Bert based model optimization with tf-trt on tf v 1.15.2 and tensorrt 5.1

Description

I would like to optimize a BERT based tensorflow model that I have trained on tf 1.15.2. It’s a base BERT with a logistic regression layer on top of it

I am trying to optimize using tf-trt to start with, and I have exported the model in a pb file using tensorflow.

Environment

TensorRT Version:
GPU Type: VX100
Nvidia Driver Version: 440.33.01
CUDA Version: 10.2
CUDNN Version:
Operating System + Version: ubuntu 1804
Python Version (if applicable): 3.6.9
TensorFlow Version (if applicable): 1.15.2
PyTorch Version (if applicable): n/a
Baremetal or Container (if container which image + tag): nvcr.io/nvidia/tensorrt:19.08-py3

Steps To Reproduce

I am running the following commands:

from tensorflow.python.compiler.tensorrt import trt_convert as trt
2020-06-02 18:56:32.762315: I tensorflow/stream_executor/platform/default/dso_loader.cc:44] Successfully opened dynamic library libnvinfer.so.5
2020-06-02 18:56:32.763013: I tensorflow/stream_executor/platform/default/dso_loader.cc:44] Successfully opened dynamic library libnvinfer_plugin.so.5

converter = trt.TrtGraphConverter(input_saved_model_dir="./1588775388")
2020-06-02 18:56:35.956493: I tensorflow/stream_executor/platform/default/dso_loader.cc:44] Successfully opened dynamic library libnvinfer.so.5
INFO:tensorflow:Linked TensorRT version: (5, 1, 5)
INFO:tensorflow:Loaded TensorRT version: (5, 1, 5)
INFO:tensorflow:Running against TensorRT version 5.1.5

converter.convert()
After a while I get the following;

2020-06-02 18:56:58.223777: E tensorflow/compiler/tf2tensorrt/convert/convert_graph.cc:101] Could not find any TF GPUs
2020-06-02 18:56:58.223852: W tensorflow/compiler/tf2tensorrt/convert/convert_graph.cc:723] Can’t identify the cuda device. Running on device 0
2020-06-02 18:56:58.223959: I tensorflow/stream_executor/platform/default/dso_loader.cc:44] Successfully opened dynamic library libnvinfer.so.5
2020-06-02 18:56:58.413018: I tensorflow/stream_executor/platform/default/dso_loader.cc:44] Successfully opened dynamic library libnvinfer_plugin.so.5
2020-06-02 18:57:03.623745: I tensorflow/compiler/tf2tensorrt/convert/convert_graph.cc:734] TensorRT node TRTEngineOp_0 added for segment 0 consisting of 27 nodes succeeded.

and at the end I get this

2020-06-02 18:57:16.998789: I tensorflow/core/grappler/optimizers/meta_optimizer.cc:788] constant_folding: Graph size after: 45 nodes (0), 48 edges (0), time = 35.247ms.
2020-06-02 18:57:16.998804: I tensorflow/core/grappler/optimizers/meta_optimizer.cc:788] TensorRTOptimizer: Graph size after: 45 nodes (0), 48 edges (0), time = 3.794ms.
2020-06-02 18:57:16.998815: I tensorflow/core/grappler/optimizers/meta_optimizer.cc:788] constant_folding: Graph size after: 45 nodes (0), 48 edges (0), time = 36.346ms.
[libprotobuf ERROR google/protobuf/io/zero_copy_stream_impl_lite.cc:155] Cannot allocate buffer larger than kint32max for StringOutputStream.

==============

Could you help me figure out the issue?

Also is there any other avenue I could follow top optimize the model, other than tf-trt?

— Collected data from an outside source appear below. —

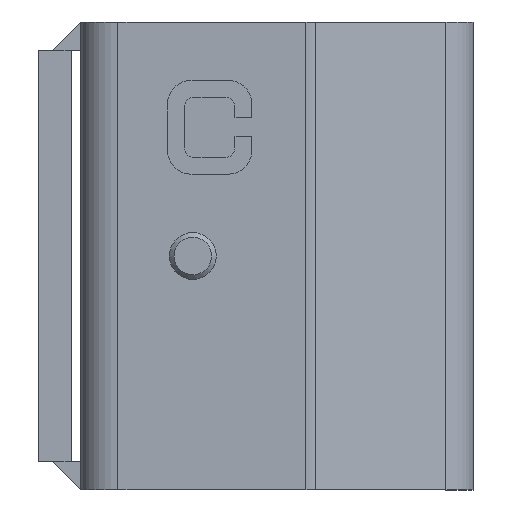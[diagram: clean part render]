
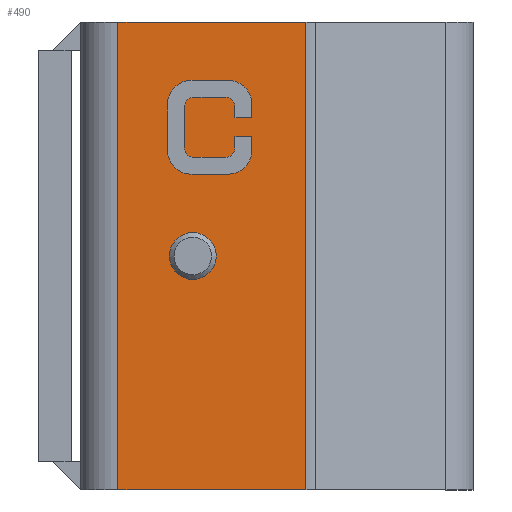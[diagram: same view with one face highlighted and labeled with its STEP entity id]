
A CAD part, left-side view. The second image highlights one B-rep face of the part: STEP entity #490.
In plain terms, the highlighted planar face has unit normal (-1, 0, 0).
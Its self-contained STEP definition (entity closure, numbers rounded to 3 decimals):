
#490=ADVANCED_FACE('',(#1507,#1509,#1511),#1513,.T.);
#1507=FACE_BOUND('',#1508,.T.);
#1508=EDGE_LOOP('',(#2255,#2256,#2257,#2258));
#1509=FACE_BOUND('',#1510,.T.);
#1510=EDGE_LOOP('',(#2259,#2260,#2261,#2262,#2263,#2264,#2265,#2266,#2267,#2268,
#2269,#2270,#2271,#2272,#2273,#2274,#2275,#2276,#2277,#2278));
#1511=FACE_BOUND('',#1512,.T.);
#1512=EDGE_LOOP('',(#2279));
#1513=PLANE('',#1514);
#1514=AXIS2_PLACEMENT_3D('',#1515,#1516,#1517);
#1515=CARTESIAN_POINT('',(0.,-4.544,0.));
#1516=DIRECTION('',(-1.,0.,0.));
#1517=DIRECTION('',(0.,1.,0.));
#2255=ORIENTED_EDGE('',*,*,#2694,.T.);
#2256=ORIENTED_EDGE('',*,*,#2680,.T.);
#2257=ORIENTED_EDGE('',*,*,#2677,.T.);
#2258=ORIENTED_EDGE('',*,*,#2688,.T.);
#2259=ORIENTED_EDGE('',*,*,#2695,.T.);
#2260=ORIENTED_EDGE('',*,*,#2696,.T.);
#2261=ORIENTED_EDGE('',*,*,#2697,.T.);
#2262=ORIENTED_EDGE('',*,*,#2698,.T.);
#2263=ORIENTED_EDGE('',*,*,#2699,.T.);
#2264=ORIENTED_EDGE('',*,*,#2700,.T.);
#2265=ORIENTED_EDGE('',*,*,#2701,.T.);
#2266=ORIENTED_EDGE('',*,*,#2702,.T.);
#2267=ORIENTED_EDGE('',*,*,#2703,.T.);
#2268=ORIENTED_EDGE('',*,*,#2704,.T.);
#2269=ORIENTED_EDGE('',*,*,#2705,.T.);
#2270=ORIENTED_EDGE('',*,*,#2706,.T.);
#2271=ORIENTED_EDGE('',*,*,#2707,.T.);
#2272=ORIENTED_EDGE('',*,*,#2708,.T.);
#2273=ORIENTED_EDGE('',*,*,#2709,.T.);
#2274=ORIENTED_EDGE('',*,*,#2710,.T.);
#2275=ORIENTED_EDGE('',*,*,#2711,.T.);
#2276=ORIENTED_EDGE('',*,*,#2712,.T.);
#2277=ORIENTED_EDGE('',*,*,#2713,.T.);
#2278=ORIENTED_EDGE('',*,*,#2714,.T.);
#2279=ORIENTED_EDGE('',*,*,#2715,.T.);
#2677=EDGE_CURVE('',#2986,#3001,#3021,.T.);
#2680=EDGE_CURVE('',#3022,#2986,#3026,.T.);
#2688=EDGE_CURVE('',#3001,#3036,#3038,.T.);
#2694=EDGE_CURVE('',#3036,#3022,#3047,.T.);
#2695=EDGE_CURVE('',#3048,#3049,#3050,.F.);
#2696=EDGE_CURVE('',#3049,#3051,#3052,.F.);
#2697=EDGE_CURVE('',#3051,#3053,#3054,.F.);
#2698=EDGE_CURVE('',#3053,#3055,#3056,.F.);
#2699=EDGE_CURVE('',#3055,#3057,#3058,.F.);
#2700=EDGE_CURVE('',#3057,#3059,#3060,.F.);
#2701=EDGE_CURVE('',#3059,#3061,#3062,.F.);
#2702=EDGE_CURVE('',#3061,#3063,#3064,.F.);
#2703=EDGE_CURVE('',#3063,#3065,#3066,.F.);
#2704=EDGE_CURVE('',#3065,#3067,#3068,.F.);
#2705=EDGE_CURVE('',#3067,#3069,#3070,.F.);
#2706=EDGE_CURVE('',#3069,#3071,#3072,.F.);
#2707=EDGE_CURVE('',#3071,#3073,#3074,.F.);
#2708=EDGE_CURVE('',#3073,#3075,#3076,.F.);
#2709=EDGE_CURVE('',#3075,#3077,#3078,.F.);
#2710=EDGE_CURVE('',#3077,#3079,#3080,.F.);
#2711=EDGE_CURVE('',#3079,#3081,#3082,.F.);
#2712=EDGE_CURVE('',#3081,#3083,#3084,.F.);
#2713=EDGE_CURVE('',#3083,#3085,#3086,.F.);
#2714=EDGE_CURVE('',#3085,#3048,#3087,.F.);
#2715=EDGE_CURVE('',#3088,#3088,#3089,.F.);
#2986=VERTEX_POINT('',#3611);
#3001=VERTEX_POINT('',#3651);
#3021=LINE('',#3704,#3705);
#3022=VERTEX_POINT('',#3707);
#3026=LINE('',#3715,#3716);
#3036=VERTEX_POINT('',#3739);
#3038=LINE('',#3743,#3744);
#3047=LINE('',#3767,#3768);
#3048=VERTEX_POINT('',#3770);
#3049=VERTEX_POINT('',#3771);
#3050=LINE('',#3772,#3773);
#3051=VERTEX_POINT('',#3775);
#3052=CIRCLE('',#3776,2.5);
#3053=VERTEX_POINT('',#3780);
#3054=LINE('',#3781,#3782);
#3055=VERTEX_POINT('',#3784);
#3056=CIRCLE('',#3785,2.5);
#3057=VERTEX_POINT('',#3789);
#3058=LINE('',#3790,#3791);
#3059=VERTEX_POINT('',#3793);
#3060=CIRCLE('',#3794,2.5);
#3061=VERTEX_POINT('',#3798);
#3062=LINE('',#3799,#3800);
#3063=VERTEX_POINT('',#3802);
#3064=LINE('',#3803,#3804);
#3065=VERTEX_POINT('',#3806);
#3066=LINE('',#3807,#3808);
#3067=VERTEX_POINT('',#3810);
#3068=CIRCLE('',#3811,1.);
#3069=VERTEX_POINT('',#3815);
#3070=LINE('',#3816,#3817);
#3071=VERTEX_POINT('',#3819);
#3072=CIRCLE('',#3820,1.);
#3073=VERTEX_POINT('',#3824);
#3074=LINE('',#3825,#3826);
#3075=VERTEX_POINT('',#3828);
#3076=CIRCLE('',#3829,1.);
#3077=VERTEX_POINT('',#3833);
#3078=LINE('',#3834,#3835);
#3079=VERTEX_POINT('',#3837);
#3080=CIRCLE('',#3838,1.);
#3081=VERTEX_POINT('',#3842);
#3082=LINE('',#3843,#3844);
#3083=VERTEX_POINT('',#3846);
#3084=LINE('',#3847,#3848);
#3085=VERTEX_POINT('',#3850);
#3086=LINE('',#3851,#3852);
#3087=CIRCLE('',#3854,2.5);
#3088=VERTEX_POINT('',#3858);
#3089=CIRCLE('',#3859,2.5);
#3611=CARTESIAN_POINT('',(0.,-4.,0.));
#3651=CARTESIAN_POINT('',(0.,-4.,-50.));
#3704=CARTESIAN_POINT('',(0.,-4.,0.));
#3705=VECTOR('',#3706,1.);
#3706=DIRECTION('',(0.,0.,-1.));
#3707=CARTESIAN_POINT('',(0.,-24.083,0.));
#3715=CARTESIAN_POINT('',(0.,-24.083,0.));
#3716=VECTOR('',#3717,1.);
#3717=DIRECTION('',(0.,1.,0.));
#3739=CARTESIAN_POINT('',(0.,-24.083,-50.));
#3743=CARTESIAN_POINT('',(0.,-4.,-50.));
#3744=VECTOR('',#3745,1.);
#3745=DIRECTION('',(0.,-1.,0.));
#3767=CARTESIAN_POINT('',(0.,-24.083,-50.));
#3768=VECTOR('',#3769,1.);
#3769=DIRECTION('',(0.,0.,1.));
#3770=CARTESIAN_POINT('',(0.,-15.804,-16.252));
#3771=CARTESIAN_POINT('',(0.,-11.804,-16.252));
#3772=CARTESIAN_POINT('',(0.,-11.804,-16.252));
#3773=VECTOR('',#3774,1.);
#3774=DIRECTION('',(0.,-1.,0.));
#3775=CARTESIAN_POINT('',(0.,-9.304,-13.752));
#3776=AXIS2_PLACEMENT_3D('',#3777,#3778,#3779);
#3777=CARTESIAN_POINT('',(0.,-11.804,-13.752));
#3778=DIRECTION('',(-1.,0.,0.));
#3779=DIRECTION('',(0.,1.,0.));
#3780=CARTESIAN_POINT('',(0.,-9.304,-8.748));
#3781=CARTESIAN_POINT('',(0.,-9.304,-8.748));
#3782=VECTOR('',#3783,1.);
#3783=DIRECTION('',(0.,0.,-1.));
#3784=CARTESIAN_POINT('',(0.,-11.804,-6.248));
#3785=AXIS2_PLACEMENT_3D('',#3786,#3787,#3788);
#3786=CARTESIAN_POINT('',(0.,-11.804,-8.748));
#3787=DIRECTION('',(-1.,0.,0.));
#3788=DIRECTION('',(0.,0.,1.));
#3789=CARTESIAN_POINT('',(0.,-15.804,-6.248));
#3790=CARTESIAN_POINT('',(0.,-15.804,-6.248));
#3791=VECTOR('',#3792,1.);
#3792=DIRECTION('',(0.,1.,0.));
#3793=CARTESIAN_POINT('',(0.,-18.304,-8.748));
#3794=AXIS2_PLACEMENT_3D('',#3795,#3796,#3797);
#3795=CARTESIAN_POINT('',(0.,-15.804,-8.748));
#3796=DIRECTION('',(-1.,0.,0.));
#3797=DIRECTION('',(0.,-1.,0.));
#3798=CARTESIAN_POINT('',(0.,-18.304,-10.25));
#3799=CARTESIAN_POINT('',(0.,-18.304,-10.25));
#3800=VECTOR('',#3801,1.);
#3801=DIRECTION('',(0.,0.,1.));
#3802=CARTESIAN_POINT('',(0.,-16.504,-10.25));
#3803=CARTESIAN_POINT('',(0.,-16.504,-10.25));
#3804=VECTOR('',#3805,1.);
#3805=DIRECTION('',(0.,-1.,0.));
#3806=CARTESIAN_POINT('',(0.,-16.504,-9.048));
#3807=CARTESIAN_POINT('',(0.,-16.504,-9.048));
#3808=VECTOR('',#3809,1.);
#3809=DIRECTION('',(0.,0.,-1.));
#3810=CARTESIAN_POINT('',(0.,-15.504,-8.048));
#3811=AXIS2_PLACEMENT_3D('',#3812,#3813,#3814);
#3812=CARTESIAN_POINT('',(0.,-15.504,-9.048));
#3813=DIRECTION('',(1.,0.,0.));
#3814=DIRECTION('',(0.,0.,1.));
#3815=CARTESIAN_POINT('',(0.,-12.104,-8.048));
#3816=CARTESIAN_POINT('',(0.,-12.104,-8.048));
#3817=VECTOR('',#3818,1.);
#3818=DIRECTION('',(0.,-1.,0.));
#3819=CARTESIAN_POINT('',(0.,-11.104,-9.048));
#3820=AXIS2_PLACEMENT_3D('',#3821,#3822,#3823);
#3821=CARTESIAN_POINT('',(0.,-12.104,-9.048));
#3822=DIRECTION('',(1.,0.,0.));
#3823=DIRECTION('',(0.,1.,0.));
#3824=CARTESIAN_POINT('',(0.,-11.104,-13.452));
#3825=CARTESIAN_POINT('',(0.,-11.104,-13.452));
#3826=VECTOR('',#3827,1.);
#3827=DIRECTION('',(0.,0.,1.));
#3828=CARTESIAN_POINT('',(0.,-12.104,-14.452));
#3829=AXIS2_PLACEMENT_3D('',#3830,#3831,#3832);
#3830=CARTESIAN_POINT('',(0.,-12.104,-13.452));
#3831=DIRECTION('',(1.,0.,0.));
#3832=DIRECTION('',(0.,0.,-1.));
#3833=CARTESIAN_POINT('',(0.,-15.504,-14.452));
#3834=CARTESIAN_POINT('',(0.,-15.504,-14.452));
#3835=VECTOR('',#3836,1.);
#3836=DIRECTION('',(0.,1.,0.));
#3837=CARTESIAN_POINT('',(0.,-16.504,-13.452));
#3838=AXIS2_PLACEMENT_3D('',#3839,#3840,#3841);
#3839=CARTESIAN_POINT('',(0.,-15.504,-13.452));
#3840=DIRECTION('',(1.,0.,0.));
#3841=DIRECTION('',(0.,-1.,0.));
#3842=CARTESIAN_POINT('',(0.,-16.504,-12.25));
#3843=CARTESIAN_POINT('',(0.,-16.504,-12.25));
#3844=VECTOR('',#3845,1.);
#3845=DIRECTION('',(0.,0.,-1.));
#3846=CARTESIAN_POINT('',(0.,-18.304,-12.25));
#3847=CARTESIAN_POINT('',(0.,-18.304,-12.25));
#3848=VECTOR('',#3849,1.);
#3849=DIRECTION('',(0.,1.,0.));
#3850=CARTESIAN_POINT('',(0.,-18.304,-13.752));
#3851=CARTESIAN_POINT('',(0.,-18.304,-13.752));
#3852=VECTOR('',#3853,1.);
#3853=DIRECTION('',(0.,0.,1.));
#3854=AXIS2_PLACEMENT_3D('',#3855,#3856,#3857);
#3855=CARTESIAN_POINT('',(0.,-15.804,-13.752));
#3856=DIRECTION('',(-1.,0.,0.));
#3857=DIRECTION('',(0.,0.,-1.));
#3858=CARTESIAN_POINT('',(0.,-14.5,-25.));
#3859=AXIS2_PLACEMENT_3D('',#3860,#3861,#3862);
#3860=CARTESIAN_POINT('',(0.,-12.,-25.));
#3861=DIRECTION('',(-1.,0.,0.));
#3862=DIRECTION('',(0.,-1.,0.));

Can you try solution recommended in below link:

You can use TensorRT to get better performance.
The workflow will be .pb -> ONNX -> TRT. If any layer is not supported, you need to create a custom plugin.

Thanks

I managed to optimize using tf2onnx and then from onnx to tensorrt. Thanks for your help!